Święte wzory
 
Św. Gerard Majella - narzędzie w ręku Boga

Należał do tych "szaleńców Bożych", którzy zostawiali wszystko i szli za Jezusem. Choć był tylko skromnym bratem zakonnym, został ogłoszony świętym i każdego dnia wielu wiernych na całym świecie prosi go o wstawiennictwo u Pana. Ten wierny sługa Boży, który przez całe swoje krótkie życie usiłował upodobnić się we wszystkim do Boskiego Wzoru przez posłuszeństwo, pokorę, modlitwę, umartwienie i gorliwość w zbawianiu dusz, został użyty przez Stwórcę jako narzędzie w wielu cudownych wydarzeniach. Przypomnijmy więc postać nieco zapomnianego w Polsce św. Gerarda Majelli, którego wspomnienie przypada na 16 października.

 

Święty Gerard Majella przyszedł na świat 6 kwietnia 1726 roku we włoskim Muro Lucano, małym miasteczku w prowincji Podenza, 100 km na wschód od Neapolu. Już jako pięciolatek często udawał się poza miasto, gdzie znajdowała się niewielka kapliczka Najświętszej Maryi Panny z Dzieciątkiem Jezus. Ilekroć mały Gerard upadał tam na kolana, objawiał mu się Pan Jezus i dawał mu bochenek wyśmienitego białego chleba.

 

Kilka lat później Gerard wyjawił swej siostrze tę tajemnicę, a gdy ona spytała go, czy chciałby znów pójść za miasto spotkać Jezusa, on odparł, że teraz może swego Zbawiciela spotkać wszędzie.

Uczeń św. Alfonsa

W wieku 24 lat wstąpił do zakonu redemptorystów, założonego przez św. Alfonsa Marię Liguoriego, a zatwierdzonego przez Stolicę Apostolską rok wcześniej. Na ten krok zdecydował się wbrew rodzinie, ówczesnym przełożonym i... słabemu zdrowiu, a dzięki wielkiej wierze i wytrwałości. Pociągała go ta droga życia, jaką nakreślił św. Alfons, gdzie miłość do Chrystusa obecnego w Najświętszym Sakramencie oraz nabożeństwo do Matki Bożej znajdowały się w centrum uwagi. W zakonie, jako skromny braciszek, pełnił różne posługi. Był ogrodnikiem, krawcem, zakrystianinem, cieślą, kucharzem. Zajmował się też sprawami administracyjnymi.

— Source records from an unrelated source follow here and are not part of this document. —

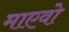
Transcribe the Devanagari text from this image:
माएवो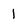
Character: 1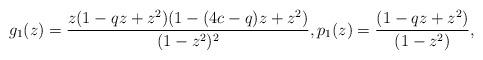
LaTeX: \begin{align*}g_1(z)= \frac{z(1-qz+z^2)(1-(4c-q)z+z^2)}{(1-z^2)^2}, p_1(z)= \frac{(1-qz+z^2)}{(1-z^2)},\end{align*}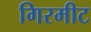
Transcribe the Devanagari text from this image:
गिरमीट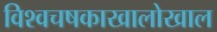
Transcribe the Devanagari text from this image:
विश्वचषकाखालोखाल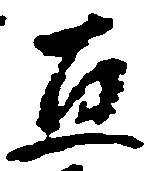
直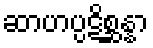
ဆာဟပ္ပဋိစ္ဆန္နာ

Upodobnić się do Zbawiciela

Gerard otaczał ogromną miłością i czcią Chrystusa Pana i Matkę Najświętszą. Głównym celem jego życia było naśladowanie Zbawiciela i pełne poddanie się Jego świętej woli. By naśladować Pana Jezusa, Gerard zaparł się siebie. Umartwiał swe ciało poprzez pokutę, liczne i ciężkie posty, noszenie włosiennicy a także - nierzadko - poprzez biczowanie, zwłaszcza w czwartki i piątki. Pragnął z całych sił upodobnić się do Zbawiciela, nieść z Nim krzyż i z Nim cierpieć. Długie godziny spędzał przed Najświętszym Sakramentem.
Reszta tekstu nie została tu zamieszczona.